A pantry? Our house is so small we don’t have room to change our minds. Anyway, when I think of a pantry, I’m not thinking of places to store food. To me, a pantry is for people who aspire to be someone else – those who bake their own bread – rather than the person they actually are – those who buy party boxes of crisps for themselves. I’m much closer to the latter.

Walk-in pantry

Since the topic was first mentioned, every time something can’t be found in the kitchen the lack of a walk-in pantry is blamed. Apparently, all problems will be solved when this pantry miraculously materialises and somehow finds space to exist in a house where the kitchen table is just over a metre square. We did the sums. Measurements, not cost. I felt the idea could be killed off quicker in feet and inches.

I’m not against a walk-in pantry. In fact, I have definitely dreamed of walking into a room and being surrounded by food. But I said no, it just wasn’t practical. My wife said yes.

So we’re getting a pantry.

Is it really needed? No. Is it useful? If it’s located near where the food is prepared, everything in it can be seen at a glance, and products can be reached and removed without moving 10 other things, then, well, yes, it’s more than useful. Shelves, at various heights, suitable for everything from a spice rack to large cereal boxes, from cook books to the food mixer.
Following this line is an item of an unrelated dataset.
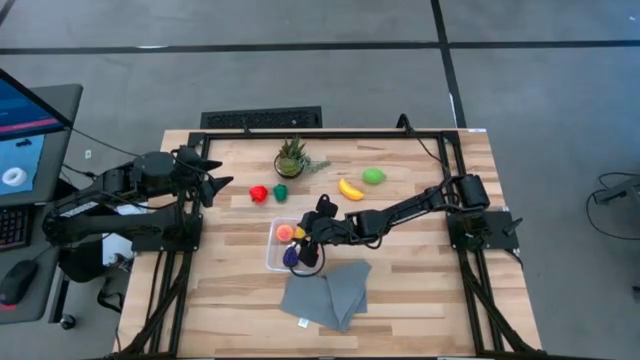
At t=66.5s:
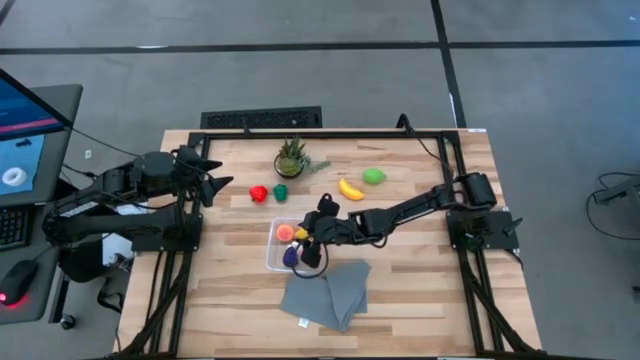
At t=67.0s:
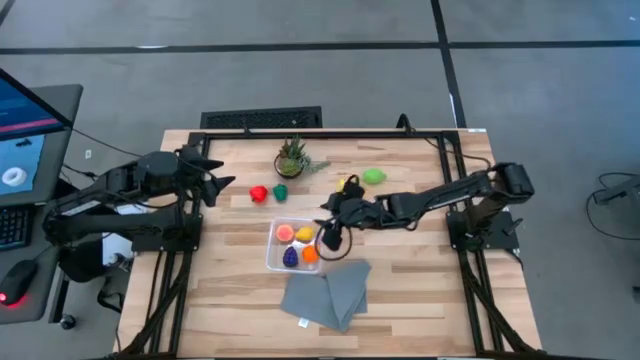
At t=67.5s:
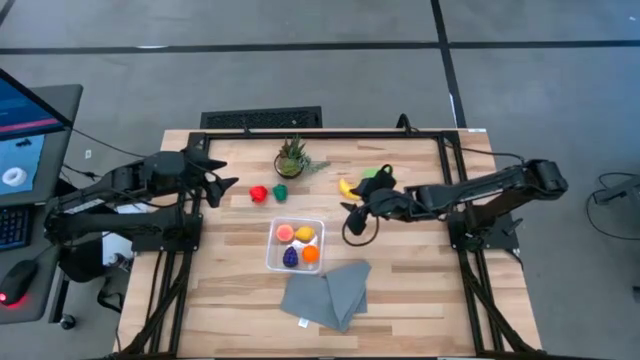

It’ll be a revolution for the normal state of play in this house. And there’s one reason accommodating it in this house is possible – the space for it will be kept to an absolute minimum. No deep shelves. Everything in the pantry should be visible. Two tins of beans my wife said, when the builder asked about the width of the shelves.

After consulting a local expert, friends (and Google), the popular view was the pantry should have an aisle of about 110cm-120cm, with 40cm shelves on each side. So about 2m of total width. Not possible.

“Could you live with 130cm, 20cm shelves on each side and 90cm aisle?” I asked.

“So you’re not planning to walk down it?” my wife responded.

Mean.

Anyway, we’re getting a pantry. It’ll be 1.3m wide.